Cuando las peticiones no se cumplen

Vale la pena insistir en que lo más importante es revisar una y otra vez la imagen de Dios que vivimos. Es muy fácil tener una idea de Dios como todopoderoso en el sentido de intervenir mágicamente en los procesos naturales y poder hacer lo que quiera. Pero esta no es la base de nuestra fe. El poder de Dios es, ante todo, el de trabajar desde dentro de los corazones humanos, para hacer de este mundo un lugar como El quiere. Por tanto, no es tanto que no se cumplan las peticiones, como el que no sabemos pedir lo que conviene. A Dios no se le tiene que pedir la solución mágica de las circunstancias sino la luz y la fuerza necesaria para afrontarlas y resolverlas. En palabras bíblicas, lo que tenemos que pedir es el Espíritu Santo porque él si sabe pedir lo que conviene (Cf. Rom 8, 26). 


Poner en Dios la confianza y descansar en su cariño

Un cuento oriental nos ilumina profundamente el sentido de la oración de petición.

El petirrojo le dijo al gorrión: “Me gustaría, de veras, saber por qué estos afanosos seres humanos se apresuran y se preocupan tanto”. Y el gorrión le dijo al petirrojo: “Amigo, estoy seguro que tiene que ser porque ellos no tienen un Padre celestial que se cuide de ellos como se cuida de ti y de mi”.

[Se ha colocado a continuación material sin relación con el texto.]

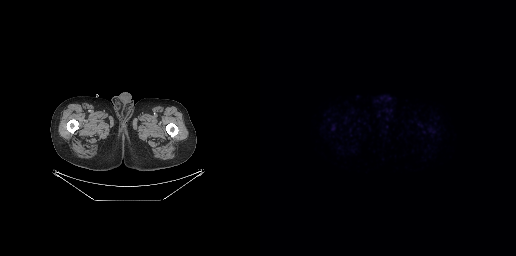
{"pet_grid":[256,256],"coord_frame":"pet_panel","coord_format":"x0,y0,x1,y1","psma_avid_lesions":false,"modality":"PSMA PET/CT","view":"axial","tracer":"[18F]PSMA-1007"}
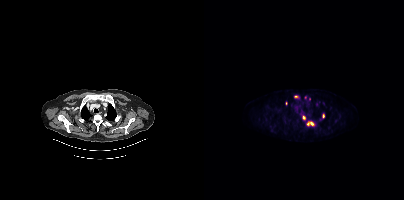
Coordinates are on the 200×200 PET (right) panel. PSMA-avid tumor lesion bounding boxes (x0, y0)-(x1, y1): (103, 122)-(110, 125); (90, 95)-(94, 98). Small PSMA-avid foci (2 to 4 px across) near (center x, center y): (100, 117); (119, 115); (105, 99); (112, 104); (82, 103); (126, 107); (101, 97).
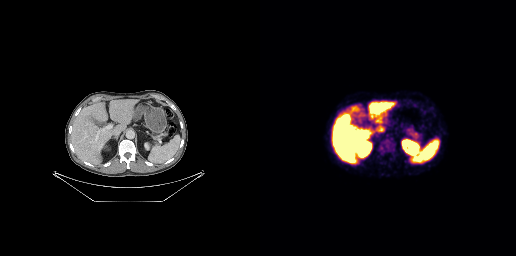
No tumor lesions annotated on this slice.
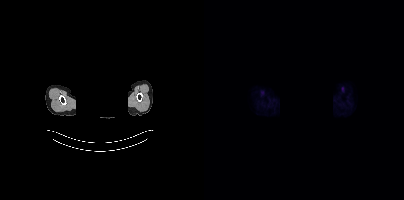
{"modality":"PSMA PET/CT","view":"axial","tracer":"18F-PSMA","pet_grid":[200,200],"coord_frame":"pet_panel","coord_format":"x0,y0,x1,y1","psma_avid_lesions":false,"de-identification":"face masked with black rectangle"}
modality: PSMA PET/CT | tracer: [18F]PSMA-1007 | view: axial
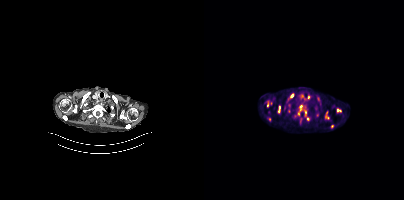
Coordinates are on the 200×200 PET (right) panel. (showing 6 of 7 foci) PSMA-avid tumor lesion bounding boxes (x0, y0)-(x1, y1): (94, 105)-(105, 120) | (83, 98)-(86, 102). Small PSMA-avid foci (2 to 4 px across) near (center x, center y): (88, 95) | (66, 119) | (104, 97) | (85, 104).
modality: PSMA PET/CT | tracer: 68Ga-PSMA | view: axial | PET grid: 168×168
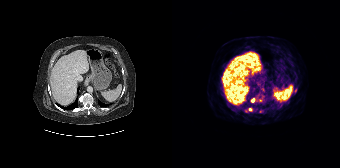
Coordinates are on the 168×168 PET (right) panel. (showing 3 of 6 foci) PSMA-avid tumor lesion bounding boxes (x0, y0)-(x1, y1): (79, 98)-(83, 102) / (76, 108)-(80, 111). Small PSMA-avid focus (2 to 4 px across) near (center x, center y): (123, 90).
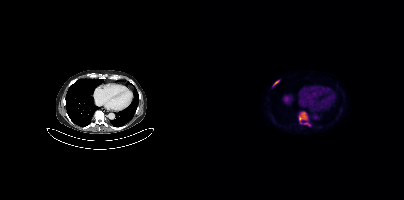
{"modality":"PSMA PET/CT","view":"axial","tracer":"18F-PSMA","pet_grid":[200,200],"coord_frame":"pet_panel","coord_format":"x0,y0,x1,y1","lesion_bboxes":[[95,112,103,123],[69,80,75,86],[100,123,106,125]]}
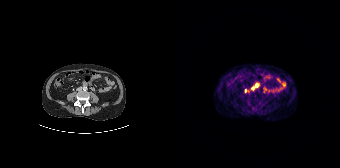
Coordinates are on the 168×168 PET (right) panel. PSMA-avid tumor lesion bounding box (x0, y0)-(x1, y1): (79, 83)-(87, 90). Small PSMA-avid focus (2 to 4 px across) near (center x, center y): (73, 90).
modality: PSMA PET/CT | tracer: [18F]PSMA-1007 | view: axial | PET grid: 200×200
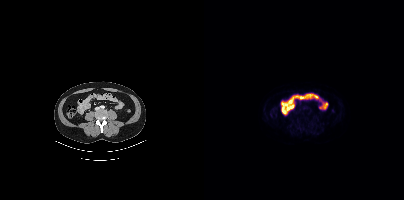
No PSMA-avid tumor lesions on this slice.
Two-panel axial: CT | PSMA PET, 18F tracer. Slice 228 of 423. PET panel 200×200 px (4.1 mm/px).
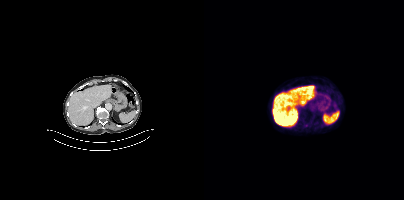
Negative for PSMA-avid disease on this slice.
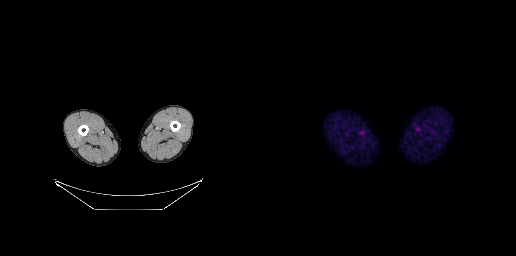
{"modality":"PSMA PET/CT","view":"axial","tracer":"18F-PSMA","pet_grid":[256,256],"coord_frame":"pet_panel","coord_format":"x0,y0,x1,y1","psma_avid_lesions":false}
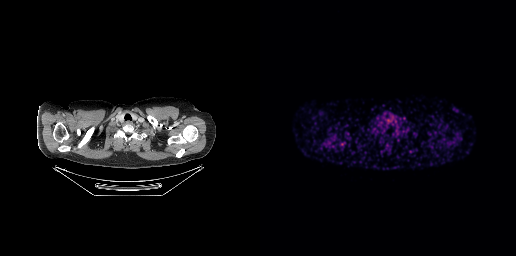
{"modality":"PSMA PET/CT","view":"axial","tracer":"68Ga-PSMA","pet_grid":[256,256],"coord_frame":"pet_panel","coord_format":"x0,y0,x1,y1","psma_avid_lesions":false}
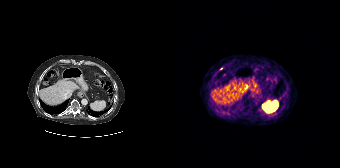
Paired axial CT (left) and PSMA PET (right), [68Ga]Ga-PSMA-11 tracer. Slice 129 of 195. PET panel 168×168 px (4.1 mm/px). No PSMA-avid tumor lesions on this slice.
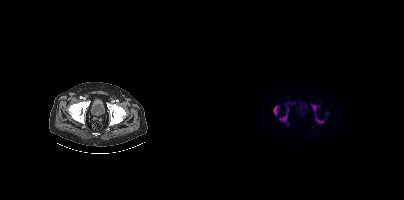
Findings: Coordinates are on the 200×200 PET (right) panel. PSMA-avid tumor lesion bounding boxes (x0,y0,x1,y1): [69,105,75,115] [75,108,84,122] [111,117,120,123] [108,104,115,111]. Small PSMA-avid foci (2 to 4 px across) near (center x, center y): (90, 102) (122, 113).
Technique: Two-panel axial: CT | PSMA PET, 18F tracer.
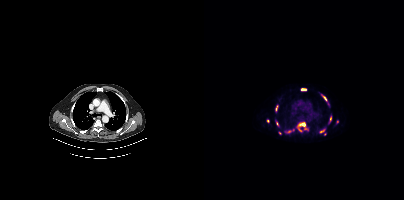
modality: PSMA PET/CT | tracer: 18F | view: axial | PET grid: 200×200
Coordinates are on the 200×200 PET (right) panel. (showing 8 of 13 foci) PSMA-avid tumor lesion bounding boxes (x0, y0)-(x1, y1): (95, 122)-(103, 129) / (97, 89)-(102, 90) / (119, 96)-(122, 100) / (116, 129)-(120, 132) / (71, 106)-(73, 112). Small PSMA-avid foci (2 to 4 px across) near (center x, center y): (96, 130) / (63, 121) / (126, 118).
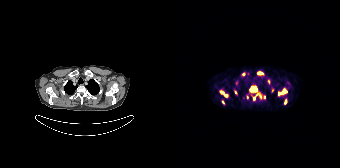
Coordinates are on the 168×168 PET (right) panel. PSMA-avid tumor lesion bounding boxes (partial; 2 more foci not listed):
| # | x0 | y0 | x1 | y1 |
|---|---|---|---|---|
| 1 | 78 | 86 | 85 | 91 |
| 2 | 106 | 89 | 114 | 94 |
| 3 | 49 | 91 | 55 | 97 |
Small PSMA-avid foci (2 to 4 px across) near (center x, center y): (71, 74); (82, 98); (63, 92); (113, 101); (92, 97); (87, 72); (100, 90); (75, 97).
Left: CT. Right: PSMA PET, same axial level, [68Ga]Ga-PSMA-11 tracer. PET panel 168×168 px (4.1 mm/px).
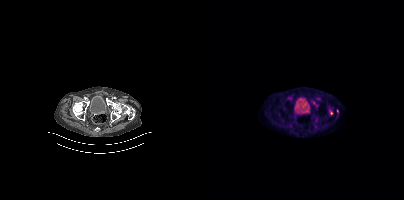
Paired axial CT (left) and PSMA PET (right), [18F]PSMA-1007 tracer. Coordinates are on the 200×200 PET (right) panel. (showing 2 of 4 foci) PSMA-avid tumor lesion bounding box (x0,y0,x1,y1): [107,101,114,105]. Small PSMA-avid focus (2 to 4 px across) near (center x, center y): (114, 98).
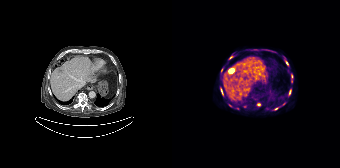
Two-panel axial: CT | PSMA PET, [18F]PSMA-1007 tracer. Slice 101 of 165.
Coordinates are on the 168×168 PET (right) panel. PSMA-avid tumor lesion bounding boxes (partial; 1 more focus not listed):
| # | x0 | y0 | x1 | y1 |
|---|---|---|---|---|
| 1 | 48 | 88 | 51 | 95 |
| 2 | 113 | 61 | 116 | 65 |
| 3 | 117 | 90 | 119 | 94 |
Small PSMA-avid foci (2 to 4 px across) near (center x, center y): (86, 104); (119, 76); (59, 57); (49, 70); (104, 108); (57, 105).

La oración de petición debe ser ese reconocimiento profundo de que nuestra vida está en manos de Dios. De esta manera esta oración es fuente de verdadera humildad y confianza infinita en el Señor. Realmente somos limitados, frágiles y finitos pero podemos vivir con alegría y confianza porque nos sentimos amados y cuidados por el Padre celestial que vela por sus pajaritos y, estamos seguros, de que nosotros valemos mucho más que ellos (Cf. Mt 6, 26). Lo que tenemos que pedir es que el Señor transforme nuestro corazón y nos libere de todo egoísmo y búsqueda propia. De toda falta de aceptación de las circunstancias que no podemos cambiar. De todo apego a aquello que tiene que partir. De no esforzarnos ante las cosas que sí podemos transformar. Pedir, sí, y con insistencia, pero no cosas extraordinarias sino que nos mantengamos abiertos a la acción de Dios para que se realice el milagro de que todo hermano necesitado encuentre en su camino a alguien que le tienda la mano.